How Does Land Use Affect Tree Cover Score?

Looking more closely at how land use might affect tree cover score, the results for both study areas are in line with one might expect. The mean tree cover score of 17.06 for single family residential buildings indicates that this land use category is at higher risk for tree-related roof issues than other land use categories. This is an important fact that illustrates that we should focus on single family residences when we move forward with calculation of a nationwide tree cover score.

 

mean

min

max

count

LandUse

     

 

Civic/Institutional

0.320993

0.155763

0.486224

2

Commercial

1.615210

0.198020

4.291845

5

Multi Family - Detached

8.095527

0.420168

45.000000

15

Single Family - Detached

17.059094

0.297619

98.290598

273

Does Size Really Matter?

One might expect that a larger building size would be less susceptible to high tree cover. For example a mansion or large commercial building is likely to have a large enough footprint that it would not have a high percent tree cover. Similar to land use, filtering on buildings over x size would improve efficiency and cost on a nationwide calculation. However at least based on these two study areas, which are primarily single family, it's difficult to discern whether there a high correlation between large size and tree cover score. One would need to pick additional study areas with larger buildings before being able to make that determination.

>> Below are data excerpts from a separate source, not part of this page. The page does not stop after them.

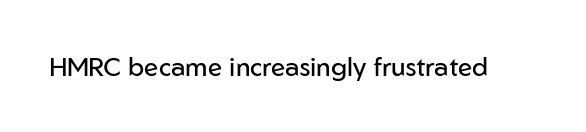
Q: Is the text bold? A: No.
Q: Is the text italic (slanted)? A: No, it is upright.
Q: Is the text underlined? A: No.
Q: Is the spacing between letters normal or unusually wide? A: Normal.
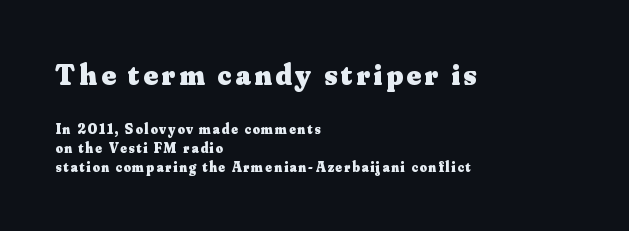
Q: Is the text bold? A: Yes.
Q: Is the text italic (slanted)? A: No, it is upright.
Q: Is the typeface a serif or a sans-serif typeface? A: Serif.
Q: Is the text underlined? A: No.
Q: How is the paragraph aligned? A: Left-aligned.
Q: Is the spacing between lines tight, normal or loose? A: Normal.
Q: Which block of text is set in a larger size, the first (top) or the second (bottom)? A: The first (top) one.
Q: Width (condensed, normal, or wide)? A: Normal.
Q: Stroke contrast? A: Medium.
Q: x-height? A: Small.
Q: Monospaced? A: No.
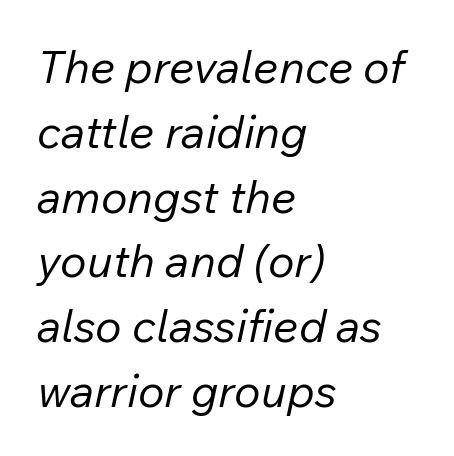
The image shows 45 px regular-weight type, italic (leaning right); set left-aligned, normal line spacing (1.44x), normal letter spacing, not underlined; low stroke contrast and a medium x-height.

# Plot 8: scatter plot building size compared to tree cover
fig, ax = plt.subplots(figsize=(12, 10))

plt.setp(ax1.get_xticklabels(), rotation=45)

ax.set(title="Tree Cover Score and Building Size \n Combined Study Areas")

sns.scatterplot(x='TotalCount', y='PercentVeg', data=tree_cover_df,
                hue='StudyArea')

plt.savefig("data/roof-cover/outputs/percent_veg_and_building_size.png")
plt.show()

 

Conclusions and Areas for Future Research

NAIP imagery will certainly work for this type of analysis, but a tree cover score based on percent tree cover and NAIP imagery will only be a crude indicator of risk. The vintage of the NAIP imagery could become an issue, particularly in fast-growing areas with new developments. There are also potential issues with detecting trees in shadows and leaf on versus leaf off conditions, which remains a major drawback of this approach.

Source, vintage, and spatial accuracy of the footprints should be carefully considered as this also will affect accuracy of the tree cover score. There are commercially available imagery providers and hyperspectral imagery that may be more current and may better align to your building footprints.

Location was not as much of a factor in tree cover scores as expected with these two study areas. However one would want to pick additional study areas with different vegetation and construction patterns to confirm exactly how geography might affect tree cover score.

Single family buildings are most affected by tree cover so any nationwide analysis could just filter on those building types which would save processing time and money.

Building size does not seem to affect percent tree cover either but further analysis using study areas with a higher distribution of large buildings is recommended.

Finally, we did not validate the results of our tree cover analysis against other sources. One could create a hand-labeled dataset, perform field research, or use of an existing tree cover dataset to confirm the accuracy of the score. Additionally use of insurance claims related to tree damage would also validate the applicability of this score.